We need a different model to understand how jobs in software and knowledge work are going to change. First, when cost goes to zero, demand goes to infinity. Every time in economic history that the marginal cost of production has collapsed in a given domain, demand has exploded. Desktop publishing did not eliminate graphic designers. It created a universe of design work that could not have existed at any price point prior. Cameras in all of our phones created a universe of photography that did not exist when cameras were very expensive and only a few people had them.
Mobile didn’t replace developers. It multiplied the number of applications the world needed by orders of magnitude. Software is about to go through the same expansion except bigger.
Right now, most of the world cannot afford custom software. Regional hospitals run on spreadsheets. Small manufacturers will track inventory by hand. School districts use tools designed for organizations 10 times their size or more, and some of them use nothing at all. The total addressable market for software is constrained not by demand because demand is functionally infinite. It’s constrained by the cost to produce.
We are underbuilt on software even after 30 years of software engineering 40 50 years. When the cost of production collapses, constraint that means that we are underbuilt lifts forever. Every business process currently running in email, spreadsheets, phone calls is up for grabs now. Every workflow that was never worth automating at a $200 an hour engineering rate becomes worth automating at two bucks in API calls.
The market for software is not going to contract. It is going to explode. And that is the best argument for why total software employment likely grows and not shrinks. Chollet is right about that. The demand for people who make software happen, however they make it happen, it may not be traditional coding, it won’t be.
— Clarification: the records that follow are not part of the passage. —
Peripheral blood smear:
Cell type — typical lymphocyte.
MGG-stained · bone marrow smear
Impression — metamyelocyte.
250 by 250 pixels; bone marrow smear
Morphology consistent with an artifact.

That has never been higher and the cost collapse is going to push it higher still.
But I do want to be honest, just because we can wave our hands and say Jevons paradox means employment grows does not mean your specific job is safe. And understanding the difference requires understanding what happens when the constraint shifts from production to specification.
So let’s talk a little bit more about the specification bottleneck. The majority of software projects that fail don’t fail because of bad engineering. They fail because nobody specified the correct thing to build. Make it user friendly is not a specification. It’s like Uber for dog walkers is not a specification either. It’s just a vibes pitch.
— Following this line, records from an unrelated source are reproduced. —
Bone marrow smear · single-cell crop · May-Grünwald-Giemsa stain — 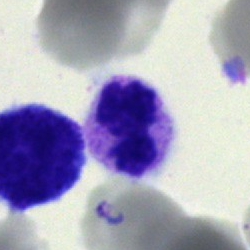Morphology — polymorphonuclear neutrophil.
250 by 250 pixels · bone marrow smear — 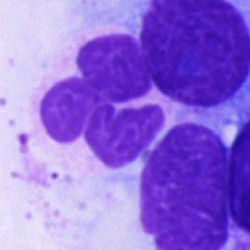

Morphological class: artifact.

The entire discipline of software engineering, agile, sprint planning, etc. evolved as a way of forcing specification out of vague human language. We need mechanisms for converting vague human intent into instructions precise enough that code can be written against them.
That vagueness problem has always been there. What’s new is that the friction of implementation is changing. When building something took 6 months and at best a half a million dollars, organizations were forced to think really carefully about what they wanted. The cost of building acted like a filter on the quality of the spec.
If you take away the cost of building, as AI is doing, that filter is going to disappear. The incentive to specify just evaporated in all of your orgs and the cost of specifying really badly is going to keep compounding faster than ever because now you can build the wrong thing at unprecedented speed and scale.
A vibecoded app can take an afternoon and 20 bucks in API calls and if the spec is wrong, you did not save 6 months. You wasted an afternoon and perhaps launch something that will harm customers because the spec was never right.
This is the inversion we need to pay more attention to because it tells us a lot about where jobs are headed. The scarce resource in software is not the ability to write code. It’s the ability to define what the code should do. And funnily enough, that is part of why knowledge work is starting to collapse into a blurry job family. Because the ability to specify is something we all need to do, not just engineers.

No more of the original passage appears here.